Of 382 children, 289 (76%) were SARS-CoV-2-infected. SARS-CoV-2-infected children were more likely to be Hispanic (p<0.0001), less likely to have a history of asthma (p=0.009), and more likely to have an infected sibling contact (p=0.0007) than uninfected children. Children ages 6-13 years were frequently asymptomatic (38%) and had respiratory symptoms less often than younger children (30% vs. 49%; p=0.008) or adolescents (30% vs. 59%; p<0.0001).

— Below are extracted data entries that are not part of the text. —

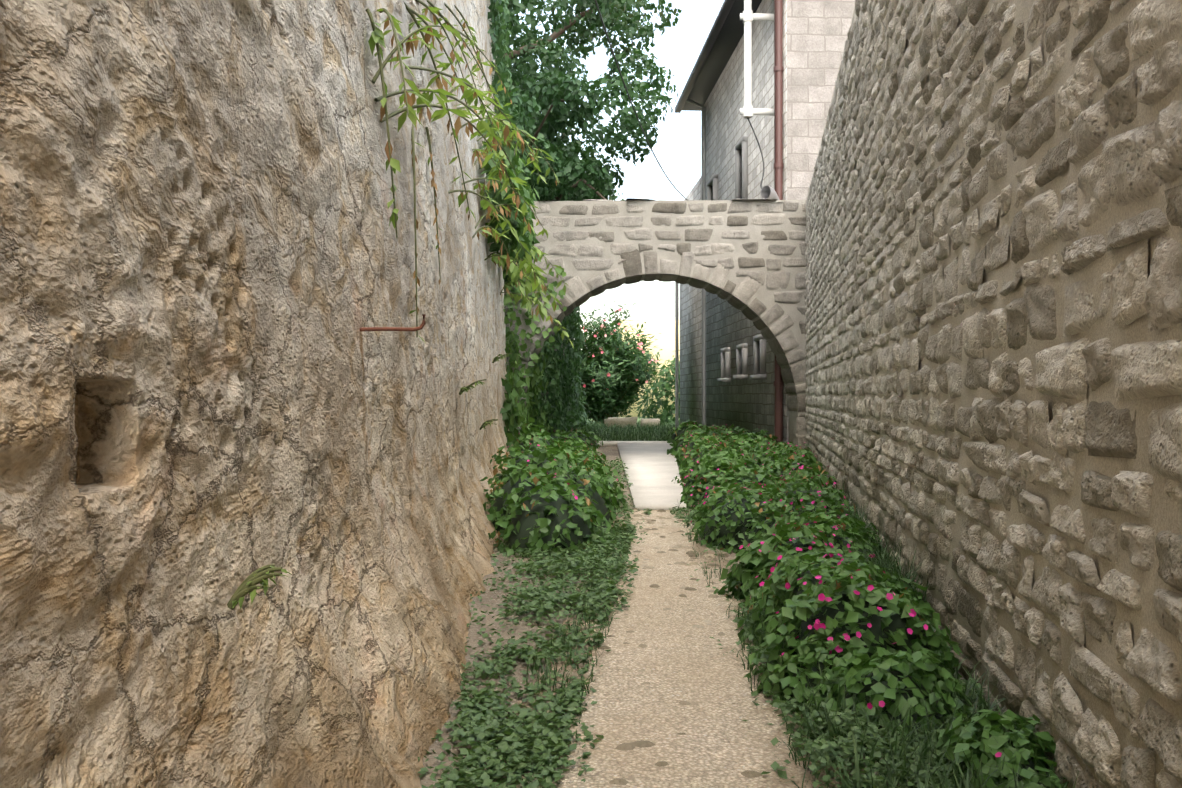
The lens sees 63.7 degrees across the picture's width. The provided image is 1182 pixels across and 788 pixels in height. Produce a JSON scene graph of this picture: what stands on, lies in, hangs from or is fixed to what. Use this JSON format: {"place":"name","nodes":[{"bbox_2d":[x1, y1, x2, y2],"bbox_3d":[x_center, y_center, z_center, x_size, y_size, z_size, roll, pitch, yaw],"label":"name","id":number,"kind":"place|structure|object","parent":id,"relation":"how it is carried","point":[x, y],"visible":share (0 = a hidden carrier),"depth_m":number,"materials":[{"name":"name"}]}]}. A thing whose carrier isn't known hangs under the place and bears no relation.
{"place":"outdoors","nodes":[
{"label":"outdoors","id":0,"kind":"place"},
{"bbox_2d":[227,0,573,609],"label":"vine","id":1,"kind":"object","parent":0,"point":[378,35],"depth_m":5.46,"materials":[{"name":"green plant"}]},
{"bbox_2d":[380,8,556,322],"bbox_3d":[-0.708,-1.679,8.692,0.796,2.655,10.452,0,0,-2],"label":"climbing vine","id":2,"kind":"object","parent":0,"point":[411,99],"visible":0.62,"depth_m":5.60,"materials":[{"name":"green plant"}]},
{"bbox_2d":[499,0,681,200],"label":"tree","id":3,"kind":"object","parent":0,"point":[532,90],"depth_m":19.44,"materials":[{"name":"green plant"}]},
{"bbox_2d":[510,0,723,352],"label":"sky","id":4,"kind":"structure","parent":0,"point":[677,149],"materials":[{"name":"white"}]},
{"bbox_2d":[572,412,679,440],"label":"lawn","id":5,"kind":"structure","parent":0,"point":[638,419],"depth_m":26.78,"materials":[{"name":"green plant"}]},
{"bbox_2d":[574,301,667,424],"bbox_3d":[0.225,-1.066,34.531,5.134,4.517,4.452,0,0,1],"label":"oleander","id":6,"kind":"object","parent":5,"relation":"on","point":[624,365],"depth_m":33.69,"materials":[{"name":"green plant"}]},
{"bbox_2d":[573,350,679,429],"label":"shrubs","id":7,"kind":"object","parent":5,"relation":"on","point":[663,384],"visible":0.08,"depth_m":36.22,"materials":[{"name":"green plant"}]},
{"bbox_2d":[604,416,659,428],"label":"stone blocks","id":8,"kind":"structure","parent":5,"relation":"on","point":[622,420],"depth_m":29.92,"materials":[{"name":"beige stone"}]},
{"bbox_2d":[675,98,705,427],"bbox_3d":[2.606,-3.052,25.455,0.487,8.274,4.783,0,0,1],"label":"grey downpipe","id":9,"kind":"object","parent":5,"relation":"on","point":[688,100],"visible":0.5,"depth_m":23.11,"materials":[{"name":"grey metal"}]},
{"bbox_2d":[680,177,700,424],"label":"building wall","id":10,"kind":"structure","parent":5,"relation":"on","point":[690,353],"depth_m":25.89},
{"bbox_2d":[598,441,685,510],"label":"concrete path","id":11,"kind":"structure","parent":0,"point":[652,471],"depth_m":11.99,"materials":[{"name":"white concrete"}]},
{"bbox_2d":[617,320,679,416],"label":"house","id":12,"kind":"structure","parent":0,"point":[665,341],"depth_m":45.89,"materials":[{"name":"beige paint"}]},
{"bbox_2d":[457,509,842,787],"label":"gravel path","id":13,"kind":"structure","parent":0,"point":[720,743],"depth_m":3.27,"materials":[{"name":"beige gravel"}]},
{"bbox_2d":[532,508,849,784],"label":"pebbles","id":14,"kind":"object","parent":13,"relation":"on","point":[643,743],"visible":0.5,"depth_m":4.30,"materials":[{"name":"stone"}]},
{"bbox_2d":[504,200,806,448],"bbox_3d":[1.087,-0.973,15.231,5.438,4.080,0.800,0,0,1],"label":"mortar","id":15,"kind":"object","parent":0,"point":[764,295],"depth_m":14.83,"materials":[{"name":"grey concrete"}]},
{"bbox_2d":[583,198,776,200],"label":"stones","id":16,"kind":"object","parent":15,"relation":"on","point":[632,199],"visible":0.08,"depth_m":14.98,"materials":[{"name":"grey stone"}]},
{"bbox_2d":[419,446,1002,787],"bbox_3d":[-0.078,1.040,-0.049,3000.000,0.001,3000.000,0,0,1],"label":"ground","id":17,"kind":"structure","parent":0,"point":[610,453],"depth_m":4.20,"materials":[{"name":"soil"}]},
{"bbox_2d":[74,385,79,482],"bbox_3d":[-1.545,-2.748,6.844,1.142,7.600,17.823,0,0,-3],"label":"niche edge","id":18,"kind":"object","parent":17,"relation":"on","point":[77,477],"depth_m":1.40,"materials":[{"name":"stone"}]},
{"bbox_2d":[0,0,315,787],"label":"wall","id":19,"kind":"structure","parent":17,"relation":"on","point":[135,652],"depth_m":1.40,"materials":[{"name":"stone"}]},
{"bbox_2d":[236,0,493,787],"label":"wall","id":20,"kind":"structure","parent":17,"relation":"on","point":[370,544],"depth_m":2.80,"materials":[{"name":"stone"}]},
{"bbox_2d":[360,314,425,330],"bbox_3d":[-0.668,-0.236,3.168,0.239,0.056,0.013,0,0,1],"label":"iron rod","id":21,"kind":"object","parent":20,"relation":"attached to","point":[421,326],"visible":0.98,"depth_m":3.16,"materials":[{"name":"brown metal"}]},
{"bbox_2d":[438,0,511,559],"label":"wall","id":22,"kind":"structure","parent":17,"relation":"on","point":[477,333],"depth_m":7.72,"materials":[{"name":"stone"}]},
{"bbox_2d":[479,113,566,452],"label":"vine leaves","id":23,"kind":"object","parent":17,"relation":"on","point":[514,384],"visible":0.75,"depth_m":13.14,"materials":[{"name":"green plant"}]},
{"bbox_2d":[514,142,572,434],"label":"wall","id":24,"kind":"structure","parent":17,"relation":"on","point":[515,143],"depth_m":22.61,"materials":[{"name":"stone"}]},
{"bbox_2d":[487,0,586,434],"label":"cypress tree","id":25,"kind":"object","parent":24,"relation":"attached to","point":[561,408],"visible":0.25,"depth_m":20.65,"materials":[{"name":"green plant"}]},
{"bbox_2d":[504,200,806,449],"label":"arch stones","id":26,"kind":"object","parent":17,"relation":"on","point":[745,292],"visible":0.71,"depth_m":14.81,"materials":[{"name":"grey stone"}]},
{"bbox_2d":[760,186,778,199],"bbox_3d":[2.902,-3.158,15.267,0.302,0.330,0.220,0,0,-37],"label":"pipe end","id":27,"kind":"object","parent":26,"relation":"on","point":[768,192],"visible":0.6,"depth_m":15.26,"materials":[{"name":"silver metal"}]},
{"bbox_2d":[490,429,923,637],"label":"dry mirabilis leaves","id":28,"kind":"object","parent":17,"relation":"on","point":[536,480],"visible":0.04,"depth_m":7.34,"materials":[{"name":"green plant"}]},
{"bbox_2d":[418,457,1046,787],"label":"weeds","id":29,"kind":"object","parent":17,"relation":"on","point":[474,726],"visible":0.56,"depth_m":3.10,"materials":[{"name":"green plant"}]},
{"bbox_2d":[701,0,786,443],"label":"building","id":30,"kind":"structure","parent":17,"relation":"on","point":[747,404],"depth_m":19.27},
{"bbox_2d":[675,0,761,112],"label":"eaves","id":31,"kind":"object","parent":30,"relation":"on","point":[725,35],"visible":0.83,"depth_m":20.06,"materials":[{"name":"grey wood"}]},
{"bbox_2d":[707,136,766,381],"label":"window frames","id":32,"kind":"structure","parent":30,"relation":"attached to","point":[742,353],"depth_m":18.60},
{"bbox_2d":[711,149,759,373],"bbox_3d":[2.992,-2.635,19.843,0.006,4.580,5.410,0,0,-3],"label":"window glass","id":33,"kind":"object","parent":32,"relation":"in","point":[741,198],"visible":0.15,"depth_m":19.14,"materials":[{"name":"black glass"}]},
{"bbox_2d":[740,0,773,118],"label":"mast","id":34,"kind":"object","parent":30,"relation":"attached to","point":[748,16],"visible":0.92,"depth_m":15.99,"materials":[{"name":"white metal"}]},
{"bbox_2d":[595,0,764,199],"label":"cables","id":35,"kind":"object","parent":34,"relation":"attached to","point":[637,116],"visible":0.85,"depth_m":15.71,"materials":[{"name":"black rubber"}]},
{"bbox_2d":[773,0,783,442],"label":"brown downpipe","id":36,"kind":"object","parent":30,"relation":"attached to","point":[778,167],"visible":0.69,"depth_m":15.70,"materials":[{"name":"red metal"}]},
{"bbox_2d":[787,0,854,442],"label":"building","id":37,"kind":"structure","parent":30,"relation":"attached to","point":[817,31],"depth_m":15.62,"materials":[{"name":"beige stone"}]},
{"bbox_2d":[480,419,1066,787],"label":"flowering shrubs","id":38,"kind":"object","parent":17,"relation":"on","point":[799,608],"depth_m":4.15,"materials":[{"name":"green plant"}]},
{"bbox_2d":[484,418,1078,787],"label":"grass","id":39,"kind":"structure","parent":17,"relation":"on","point":[962,781],"depth_m":2.90,"materials":[{"name":"green plant"}]},
{"bbox_2d":[805,0,1181,787],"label":"wall stones","id":40,"kind":"object","parent":17,"relation":"on","point":[1131,166],"visible":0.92,"depth_m":2.77,"materials":[{"name":"grey stone"}]},
{"bbox_2d":[806,0,1181,787],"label":"wall mortar","id":41,"kind":"object","parent":17,"relation":"on","point":[1164,512],"visible":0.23,"depth_m":2.51,"materials":[{"name":"grey concrete"}]}
]}

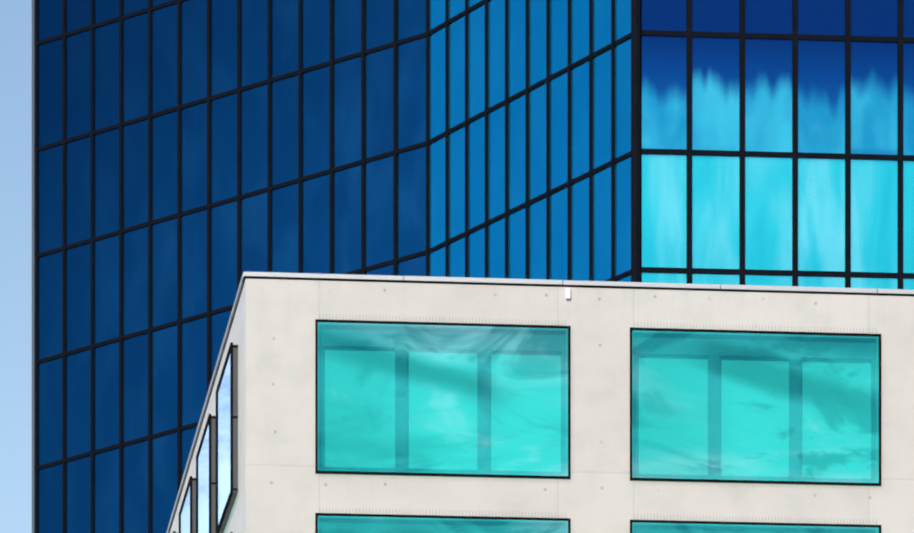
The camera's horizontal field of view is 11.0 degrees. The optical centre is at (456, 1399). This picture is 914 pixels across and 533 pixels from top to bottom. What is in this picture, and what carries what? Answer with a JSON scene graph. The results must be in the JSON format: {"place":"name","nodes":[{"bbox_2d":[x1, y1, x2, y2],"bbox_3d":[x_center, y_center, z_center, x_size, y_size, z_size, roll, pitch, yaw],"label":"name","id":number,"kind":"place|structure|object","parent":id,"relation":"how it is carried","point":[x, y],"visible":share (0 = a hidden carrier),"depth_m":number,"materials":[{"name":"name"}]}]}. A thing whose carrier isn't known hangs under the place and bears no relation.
{"place":"outdoors","nodes":[
{"label":"outdoors","id":0,"kind":"place"},
{"bbox_2d":[0,0,31,532],"label":"sky","id":1,"kind":"structure","parent":0,"point":[15,15],"materials":[{"name":"blue"}]},
{"bbox_2d":[170,279,245,532],"bbox_3d":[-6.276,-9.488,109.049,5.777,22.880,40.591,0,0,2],"label":"concrete side wall","id":2,"kind":"structure","parent":0,"point":[236,522],"depth_m":90.33,"materials":[{"name":"white concrete"}]},
{"label":"ground","id":3,"kind":"structure","parent":0,"visible":0},
{"bbox_2d":[32,0,33,532],"bbox_3d":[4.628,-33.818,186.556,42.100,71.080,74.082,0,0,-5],"label":"building edge trim","id":4,"kind":"structure","parent":3,"relation":"on","point":[32,266],"depth_m":208.03,"materials":[{"name":"grey"}]},
{"bbox_2d":[34,0,429,532],"bbox_3d":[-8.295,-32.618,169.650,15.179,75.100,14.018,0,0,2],"label":"window mullions","id":5,"kind":"object","parent":3,"relation":"on","point":[331,170],"visible":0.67,"depth_m":171.26,"materials":[{"name":"black metal"}]},
{"bbox_2d":[38,0,425,532],"bbox_3d":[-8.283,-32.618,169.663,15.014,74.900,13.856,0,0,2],"label":"glass facade","id":6,"kind":"structure","parent":5,"relation":"in","point":[378,141],"depth_m":171.43,"materials":[{"name":"blue glass"}]},
{"bbox_2d":[427,0,630,281],"bbox_3d":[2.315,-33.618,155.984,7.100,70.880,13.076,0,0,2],"label":"window mullions","id":7,"kind":"object","parent":3,"relation":"on","point":[505,102],"visible":0.42,"depth_m":155.92,"materials":[{"name":"black metal"}]},
{"bbox_2d":[430,0,630,281],"bbox_3d":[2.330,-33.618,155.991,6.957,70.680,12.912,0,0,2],"label":"glass facade","id":8,"kind":"structure","parent":7,"relation":"in","point":[558,139],"depth_m":155.78,"materials":[{"name":"blue glass"}]},
{"bbox_2d":[631,0,641,281],"bbox_3d":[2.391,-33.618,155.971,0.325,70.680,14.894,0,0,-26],"label":"tower corner posts","id":9,"kind":"object","parent":7,"relation":"attached to","point":[636,140],"depth_m":149.31,"materials":[{"name":"black metal"}]},
{"bbox_2d":[246,277,913,532],"bbox_3d":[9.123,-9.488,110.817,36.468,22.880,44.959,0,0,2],"label":"concrete building walls","id":10,"kind":"structure","parent":3,"relation":"on","point":[288,490],"depth_m":89.40,"materials":[{"name":"beige concrete"}]},
{"bbox_2d":[173,342,237,532],"bbox_3d":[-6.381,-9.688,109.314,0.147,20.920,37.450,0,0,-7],"label":"window frames","id":11,"kind":"structure","parent":10,"relation":"attached to","point":[230,350],"depth_m":95.09,"materials":[{"name":"black metal"}]},
{"bbox_2d":[180,352,229,532],"bbox_3d":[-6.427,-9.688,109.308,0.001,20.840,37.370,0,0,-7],"label":"side window glass","id":12,"kind":"object","parent":11,"relation":"attached to","point":[223,442],"visible":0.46,"depth_m":94.62,"materials":[{"name":"glass"}]},
{"bbox_2d":[176,344,237,532],"bbox_3d":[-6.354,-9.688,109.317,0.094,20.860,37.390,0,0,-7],"label":"window reveals","id":13,"kind":"object","parent":10,"relation":"attached to","point":[235,447],"visible":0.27,"depth_m":93.75,"materials":[{"name":"grey"}]},
{"bbox_2d":[166,272,913,532],"bbox_3d":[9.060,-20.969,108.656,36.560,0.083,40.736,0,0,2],"label":"roof coping","id":14,"kind":"object","parent":10,"relation":"on","point":[580,283],"visible":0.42,"depth_m":89.51,"materials":[{"name":"silver metal"}]},
{"bbox_2d":[169,276,913,532],"bbox_3d":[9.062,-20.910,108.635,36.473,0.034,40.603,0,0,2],"label":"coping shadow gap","id":15,"kind":"object","parent":10,"relation":"attached to","point":[533,285],"visible":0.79,"depth_m":89.49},
{"bbox_2d":[566,288,569,298],"bbox_3d":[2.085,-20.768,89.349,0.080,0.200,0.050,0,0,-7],"label":"facade sensor","id":16,"kind":"object","parent":10,"relation":"attached to","point":[567,293],"visible":0.94,"depth_m":89.33,"materials":[{"name":"white plastic"}]},
{"bbox_2d":[315,319,880,532],"bbox_3d":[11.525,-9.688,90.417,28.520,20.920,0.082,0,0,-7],"label":"window frames","id":17,"kind":"structure","parent":10,"relation":"attached to","point":[569,441],"depth_m":89.30,"materials":[{"name":"black"}]},
{"bbox_2d":[319,314,876,524],"bbox_3d":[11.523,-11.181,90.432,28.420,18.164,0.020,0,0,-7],"label":"window bird spikes","id":18,"kind":"object","parent":17,"relation":"on","point":[565,321],"visible":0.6,"depth_m":89.27,"materials":[{"name":"grey metal"}]},
{"bbox_2d":[318,322,878,532],"bbox_3d":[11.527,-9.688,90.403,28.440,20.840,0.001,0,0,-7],"label":"window glass","id":19,"kind":"object","parent":17,"relation":"attached to","point":[425,398],"visible":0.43,"depth_m":89.30,"materials":[{"name":"teal glass"}]},
{"bbox_2d":[641,0,913,288],"bbox_3d":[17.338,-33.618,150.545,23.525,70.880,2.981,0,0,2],"label":"window mullions","id":20,"kind":"object","parent":3,"relation":"on","point":[795,154],"visible":0.6,"depth_m":149.86,"materials":[{"name":"black metal"}]},
{"bbox_2d":[642,0,913,289],"bbox_3d":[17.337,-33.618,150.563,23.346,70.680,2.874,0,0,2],"label":"glass facade","id":21,"kind":"structure","parent":20,"relation":"in","point":[768,180],"depth_m":149.87,"materials":[{"name":"blue glass"}]}
]}

Compared to children ages 6-13 years, adolescents more frequently reported influenza-like (61% vs. 39%; p=0.002), gastrointestinal (26% vs. 9%; p=0.003), and sensory symptoms (43% vs. 9%; p<0.0001), and had more prolonged illnesses [median (IQR) duration: 7 (4, 12) vs. 4 (3, 8) days; p=0.004]. Despite the age-related variability in symptoms, we found no differences in nasopharyngeal viral load by age or between symptomatic and asymptomatic children.

CONCLUSIONS

Hispanic ethnicity and an infected sibling close contact are associated with increased SARS-CoV-2 infection risk among children, while a history of asthma is associated with decreased risk. Age-related differences in the clinical manifestations of SARS-CoV-2 infection must be considered when evaluating children for COVID-19 and in developing screening strategies for schools and childcare settings.

摘要

背景

感染严重急性呼吸综合征冠状病毒2(SARS-CoV-2)的儿童通常症状较轻,无需就医,这使得我们对该病毒在儿童中所引发疾病谱的了解存在空白。

方法

我们对有SARS-CoV-2感染密切接触者的儿童和青少年(<21岁)进行了一项前瞻性队列研究。在入组时采集鼻咽或鼻腔拭子,并使用实时聚合酶链反应(PCR)检测法检测SARS-CoV-2。

结果

在382名儿童中,289名(76%)感染了SARS-CoV-2。与未感染儿童相比,感染SARS-CoV-2的儿童更可能为西班牙裔(p<0.0001),哮喘病史的可能性更小(p=0.009),且更可能有感染的同胞接触者(p=0.0007)。6至13岁的儿童经常无症状(38%),出现呼吸道症状的频率低于年幼儿童(30%对49%;p=0.008)或青少年(30%对59%;p<0.0001)。与6至13岁的儿童相比,青少年更频繁地报告有流感样症状(61%对39%;p=0.002)、胃肠道症状(26%对9%;p=0.003)和感觉症状(43%对9%;p<0.0001),且疾病持续时间更长[中位(四分位间距)持续时间:7(4,12)天对4(3,8)天;p=0.004]。尽管症状存在与年龄相关的差异,但我们发现鼻咽病毒载量在年龄之间或有症状与无症状儿童之间并无差异。

结论

西班牙裔种族和有感染的同胞密切接触与儿童中SARS-CoV-2感染风险增加相关,而哮喘病史与风险降低相关。在评估儿童是否感染新型冠状病毒肺炎(COVID-19)以及制定学校和儿童保育机构的筛查策略时,必须考虑SARS-CoV-2感染临床表现的年龄相关差异。